(WORK TO COMPLETE) Repeat all the records exactly, omitting pictures.

*** Opening of AVAILABLE DATA ***

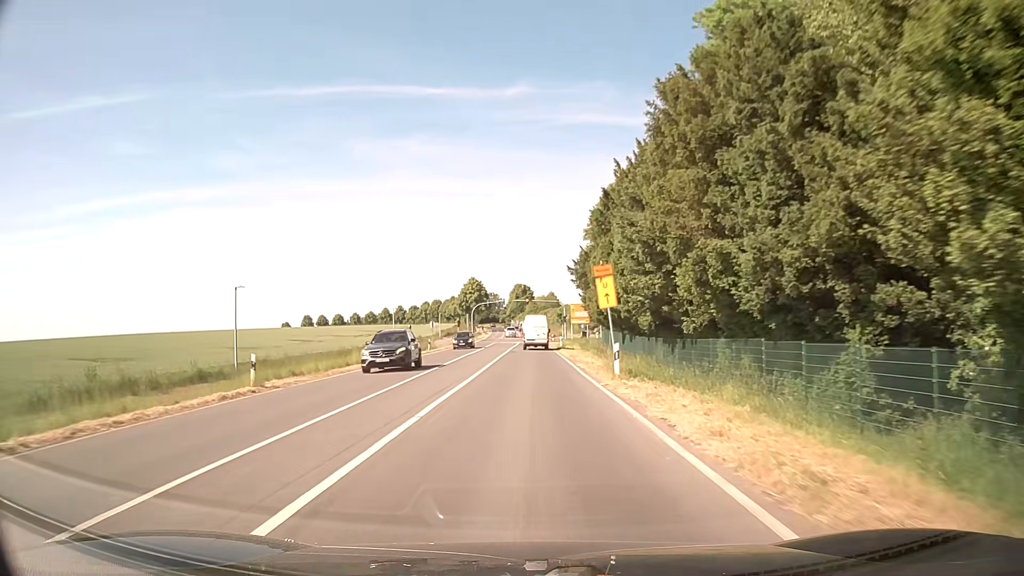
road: secondary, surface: asphalt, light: Day
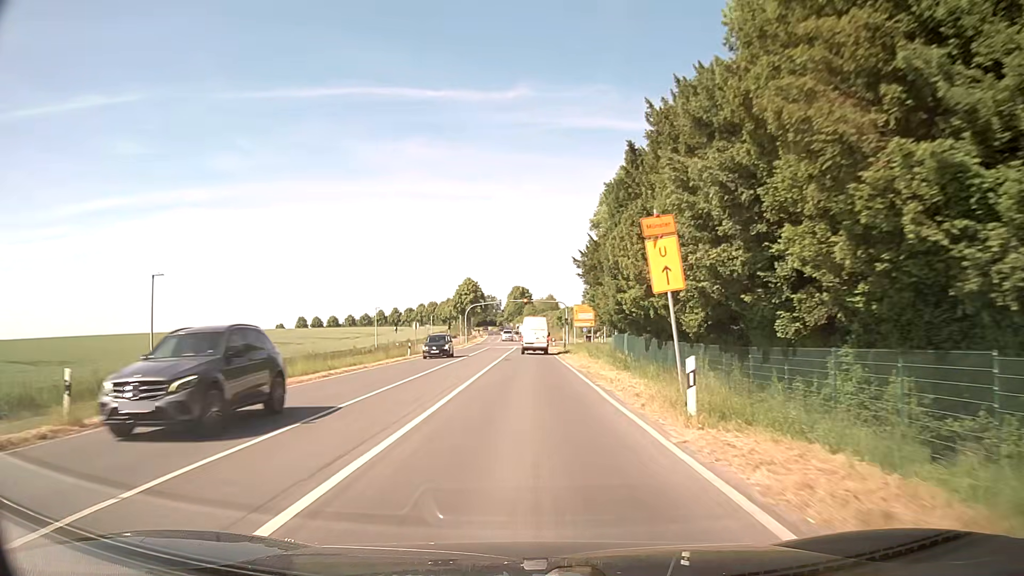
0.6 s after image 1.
(0.0, +9.0) m; 0°
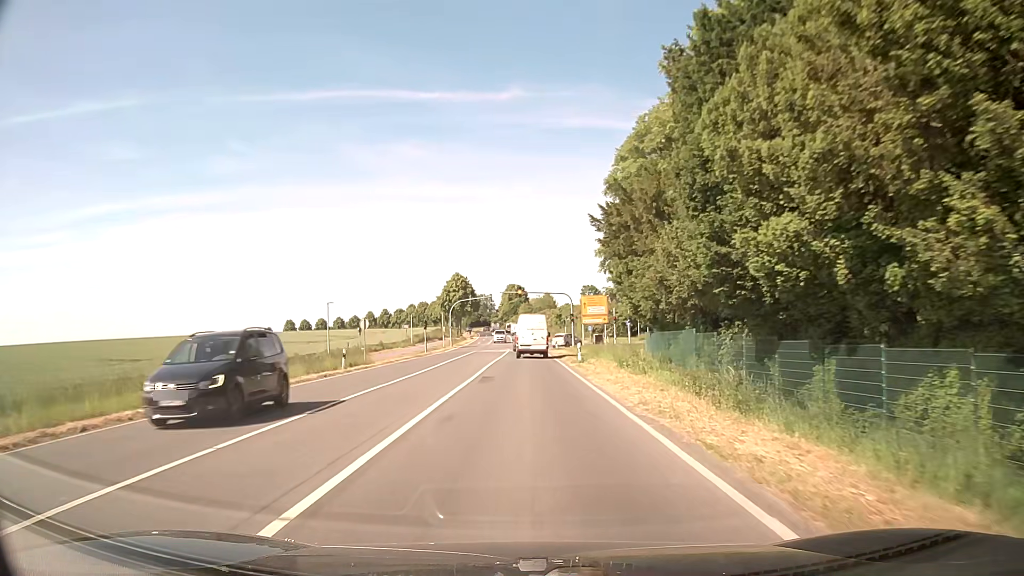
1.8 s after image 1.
(0.0, +17.0) m; 0°
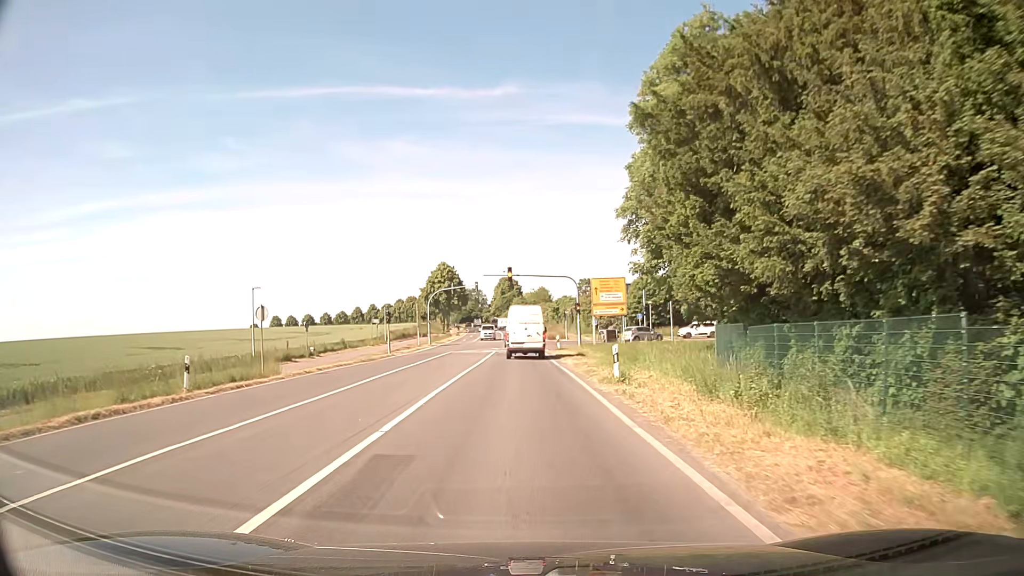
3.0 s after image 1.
(+0.1, +15.3) m; +1°
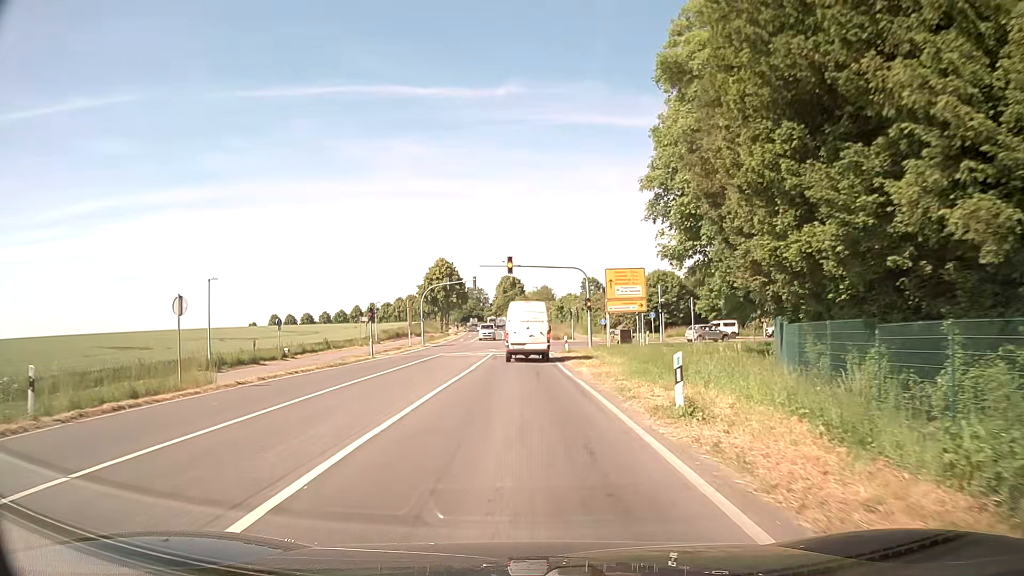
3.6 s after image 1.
(0.0, +6.7) m; -1°

*** Close of AVAILABLE DATA ***

(RESULT FOR THIS TASK)
road: secondary, surface: asphalt, light: Day
0.6 s after image 1.
(0.0, +9.0) m; 0°
1.8 s after image 1.
(0.0, +17.0) m; 0°
3.0 s after image 1.
(+0.1, +15.3) m; +1°
3.6 s after image 1.
(0.0, +6.7) m; -1°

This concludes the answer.